Durante el último mes la agenda diplomática internacional ha estado llena de cumbres. La Cumbre de las Américas, con naturales ausencias, insólitas apologías, y trasnochados reproches. La del G7, en las montañas bávaras, y en la que los líderes del occidente geopolítico tuvieron tiempo para todo, incluso para el humor. Inmediatamente después fue la de la OTAN en Madrid, donde la alianza adoptó un nuevo Concepto Estratégico -su hoja de ruta para los próximos años-, tan importante en términos prácticos como jurídicamente lo es el Tratado de Washington que le dio origen en 1949.
También hubo una cumbre de los BRICS (en modalidad remota y presidida por China), que Rusia aprovechó para promover la membresía de Irán y de Argentina, en este caso, quizá, por gratitud para con el presidente Fernández, que el pasado mes de febrero ofreció su país a Putin como “puerta de entrada a América Latina”. Y hace tan sólo unos días se dieron cita en Bali los ministros de Asuntos Exteriores del G20, sin que quedara mucho del encuentro -ni siquiera la tradicional foto de familia-, porque, como están las cosas, a muy pocos les llamó la atención posar junto al señor Lavrov, que cada vez está menos fotogénico.

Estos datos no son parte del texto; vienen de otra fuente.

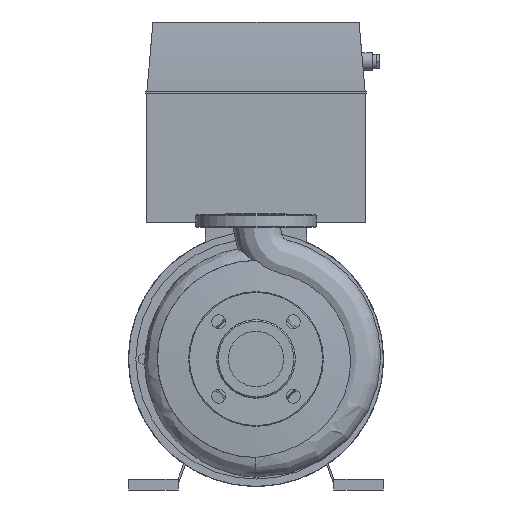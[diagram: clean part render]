
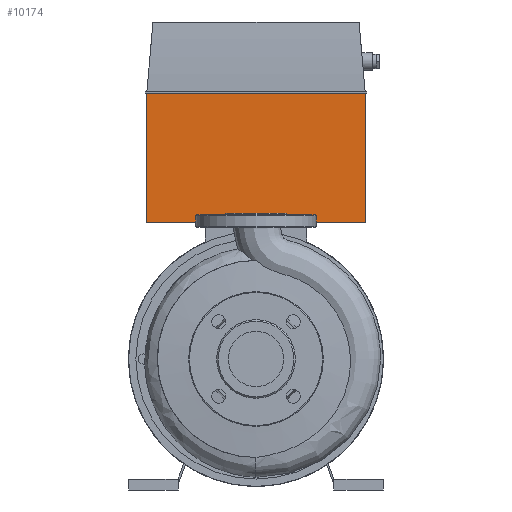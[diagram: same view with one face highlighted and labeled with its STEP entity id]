
A CAD part, left-side view. The second image highlights one B-rep face of the part: STEP entity #10174.
In plain terms, the highlighted planar face has unit normal (-1, 0, 0).
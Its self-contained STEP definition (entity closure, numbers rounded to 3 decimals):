
#934=LINE('',#21900,#1837);
#941=LINE('',#21918,#1844);
#944=LINE('',#21924,#1847);
#945=LINE('',#21925,#1848);
#1837=VECTOR('',#13980,10.);
#1844=VECTOR('',#14005,10.);
#1847=VECTOR('',#14010,10.);
#1848=VECTOR('',#14011,10.);
#2340=PLANE('',#11170);
#3062=FACE_OUTER_BOUND('',#3768,.T.);
#3768=EDGE_LOOP('',(#9390,#9391,#9392,#9393));
#5149=VERTEX_POINT('',#21896);
#5151=VERTEX_POINT('',#21899);
#5153=VERTEX_POINT('',#21917);
#5155=VERTEX_POINT('',#21923);
#6561=EDGE_CURVE('',#5151,#5149,#934,.T.);
#6570=EDGE_CURVE('',#5153,#5151,#941,.T.);
#6573=EDGE_CURVE('',#5149,#5155,#944,.T.);
#6574=EDGE_CURVE('',#5155,#5153,#945,.T.);
#9390=ORIENTED_EDGE('',*,*,#6561,.T.);
#9391=ORIENTED_EDGE('',*,*,#6573,.T.);
#9392=ORIENTED_EDGE('',*,*,#6574,.T.);
#9393=ORIENTED_EDGE('',*,*,#6570,.T.);
#10174=ADVANCED_FACE('',(#3062),#2340,.T.);
#11170=AXIS2_PLACEMENT_3D('',#21922,#14008,#14009);
#13980=DIRECTION('',(0.,1.,0.));
#14005=DIRECTION('',(0.,0.,1.));
#14008=DIRECTION('center_axis',(-1.,0.,0.));
#14009=DIRECTION('ref_axis',(0.,0.,1.));
#14010=DIRECTION('',(0.,0.,-1.));
#14011=DIRECTION('',(0.,-1.,0.));
#21896=CARTESIAN_POINT('',(307.7,150.,545.4));
#21899=CARTESIAN_POINT('',(307.7,-150.,545.4));
#21900=CARTESIAN_POINT('',(307.7,0.,545.4));
#21917=CARTESIAN_POINT('',(307.7,-150.,367.));
#21918=CARTESIAN_POINT('',(307.7,-150.,367.));
#21922=CARTESIAN_POINT('Origin',(307.7,0.,546.4));
#21923=CARTESIAN_POINT('',(307.7,150.,367.));
#21924=CARTESIAN_POINT('',(307.7,150.,367.));
#21925=CARTESIAN_POINT('',(307.7,0.,367.));

Hubo, mejor dicho, cumbres de todas las alturas, para todos los gustos, y con variopintos resultados. “Diplomacia orográfica”: así podría llamarse esta diplomacia de cumbres -de encuentros más o menos formales, más o menos recurrentes, ocasionalmente extraordinarios, pero siempre al más alto nivel de la política exterior de los Estados-, cuya práctica es actualmente tan habitual que, en algunos casos, se ha hecho incluso rutinaria (como ocurre, por ejemplo, con el Consejo Europeo, uno de los centros de gravedad de la Unión Europea, que se reúne al menos cuatro veces cada año).
Si la orografía es esa parte de la geografía física que trata de la descripción de las montañas, la diplomacia de cumbres ofrece -más allá de su utilidad concreta para las relaciones entre los Estados- una verosímil descripción de la escena política internacional. En dónde se realizan, en qué marco se convocan, quiénes concurren (y quienes no, y por qué causa o con qué excusa), qué se decide en ellas y con qué alcance, qué dicen o qué callan las declaraciones y los documentos que se adoptan, qué versión de la historia narran los discursos de los líderes que en ellas participan, qué tan efusivamente se saludan unos y cómo otros se eluden, qué reuniones paralelas se realizan, a quién se aplaude y quién se retira cuando otro habla…
Las cumbres son como atlas, en los que va quedando plasmado el relieve de las relaciones internacionales -con todos sus accidentes y ajustes tectónicos-. Leer estos atlas, interpretarlos, ubicarse en ellos, sin embargo, es menos sencillo de lo que puede pensarse a simple vista.
Por eso a veces cuesta tanto explicarlos. Por eso a veces confunden, incluso a quienes no son ajenos a tales cartografías y algo entienden de flechas de norte, barras de escala, y convenciones.